Obama's take will be wrenching for him to consume and digest but he will face reality and do what must be done. He may discreetly refrain from calling the nature and behavior of Israel by name. But he will also refrain from the poisonous kool-ade that has kept US foreign policy terribly, disastrously, evilly insane for decades, correctly assess that he must take Israel by the ear, look that spoiled-brat tyrant straight in the eye, impart truth and light, induce fear and assure it that the US is no longer going to tolerate, much less support, a state of repressive, ethnic-cleansing elitists founded in and by terrorism in the first place.

And then there must be the hope, a blue print, a beacon that, when followed, curtails and reverses evil, informs and sustains the righteous evolution of a state: The hard, clear set of principles set forth in the Declaration of Original Intent, the US Constitution and Bill of Rights are as important to any would-be modern democratic state as they are to the US.
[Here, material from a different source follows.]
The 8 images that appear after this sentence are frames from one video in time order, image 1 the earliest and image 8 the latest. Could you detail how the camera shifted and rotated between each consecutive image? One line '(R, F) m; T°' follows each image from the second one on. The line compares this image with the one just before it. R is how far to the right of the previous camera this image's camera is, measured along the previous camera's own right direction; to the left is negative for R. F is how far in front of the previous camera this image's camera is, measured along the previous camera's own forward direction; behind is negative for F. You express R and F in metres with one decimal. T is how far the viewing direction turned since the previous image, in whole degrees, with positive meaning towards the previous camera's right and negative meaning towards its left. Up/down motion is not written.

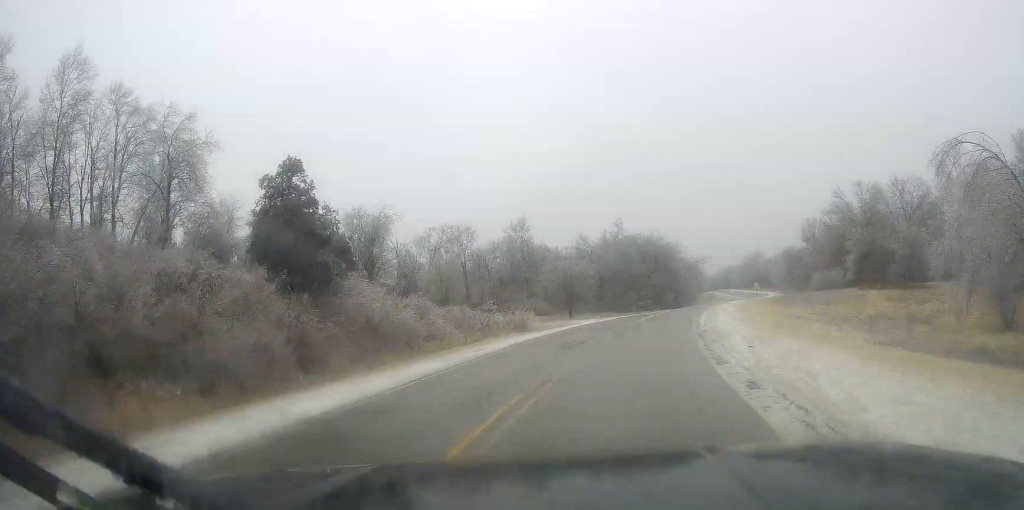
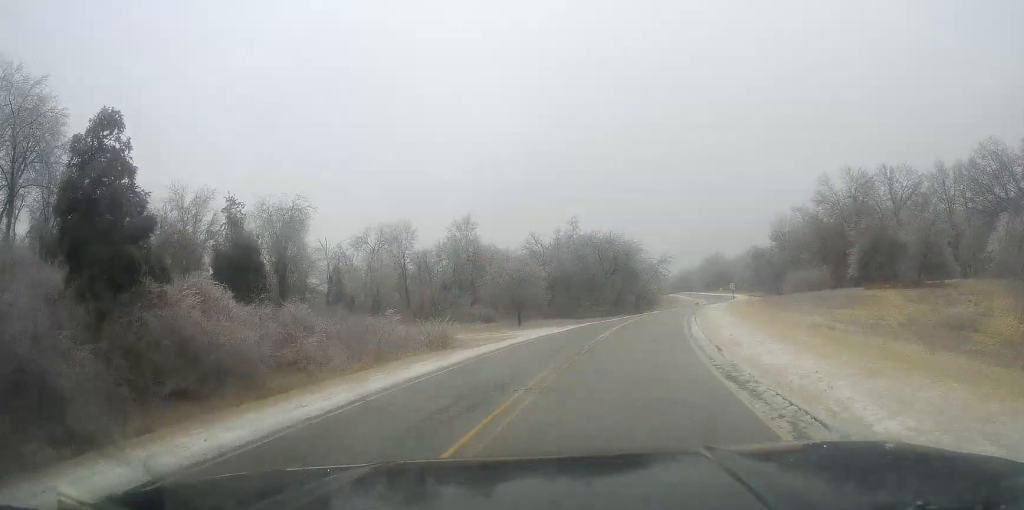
(+0.7, +12.9) m; +3°
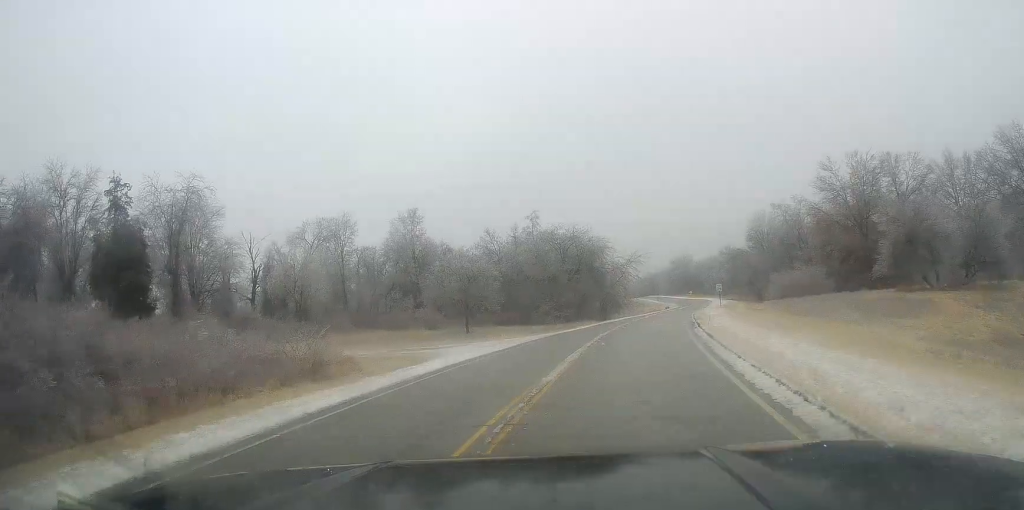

From day one, Israel has steadfastly and purposely avoided the articulation of a foundational, inviolable law of the land, a constitution. That is because duplicity, the hypocritical shell-game of feigned righteousness while caging indigenous people, poking them with sharp sticks till they feebly respond and then zealously slaughtering them in defense requires the absence of the principles of equality under the law and personal Liberty that would protect all from oppression by states and other citizens alike. The duplicitous claim of Israeli citizenship for native Palestinians, whatever their religion, is amply and repeatedly demonstrated to be but a fluid sheen hiding the cesspool where repressive elitists defecate upon the civil rights and liberties of others.

The de facto acceptance of a Zionist state, or any state of ethnic/religious elitism at the expense of others, in the 21st century by the authoring of a so-called road map to solving Israel's Palestinian Problem is a travesty, a smearing of a bullshit facade over concrete walls to hide the much uglier Zionist flavor of elitist European colonialism that, in terms of states, most closely resembles apartheid South Africa.

A nation with government and law founded on a constitution that acknowledges and guarantees the civil rights and Liberty of all individuals regardless of race or creed is something Barack Obama is uniquely situated to provide testimony to as befitting any nation that might be called a US ally. When he takes Israel by the ear, shakes it to the bone, makes it perceive the shame of its behavior and provides the carrots and sticks by which it may redeem itself Barack Obama, a black man from the land of Lincoln becoming President in the bicentennial year of Lincoln's birth may go a long way toward becoming an equally auspicious and revered leader and American President - for similar reasons.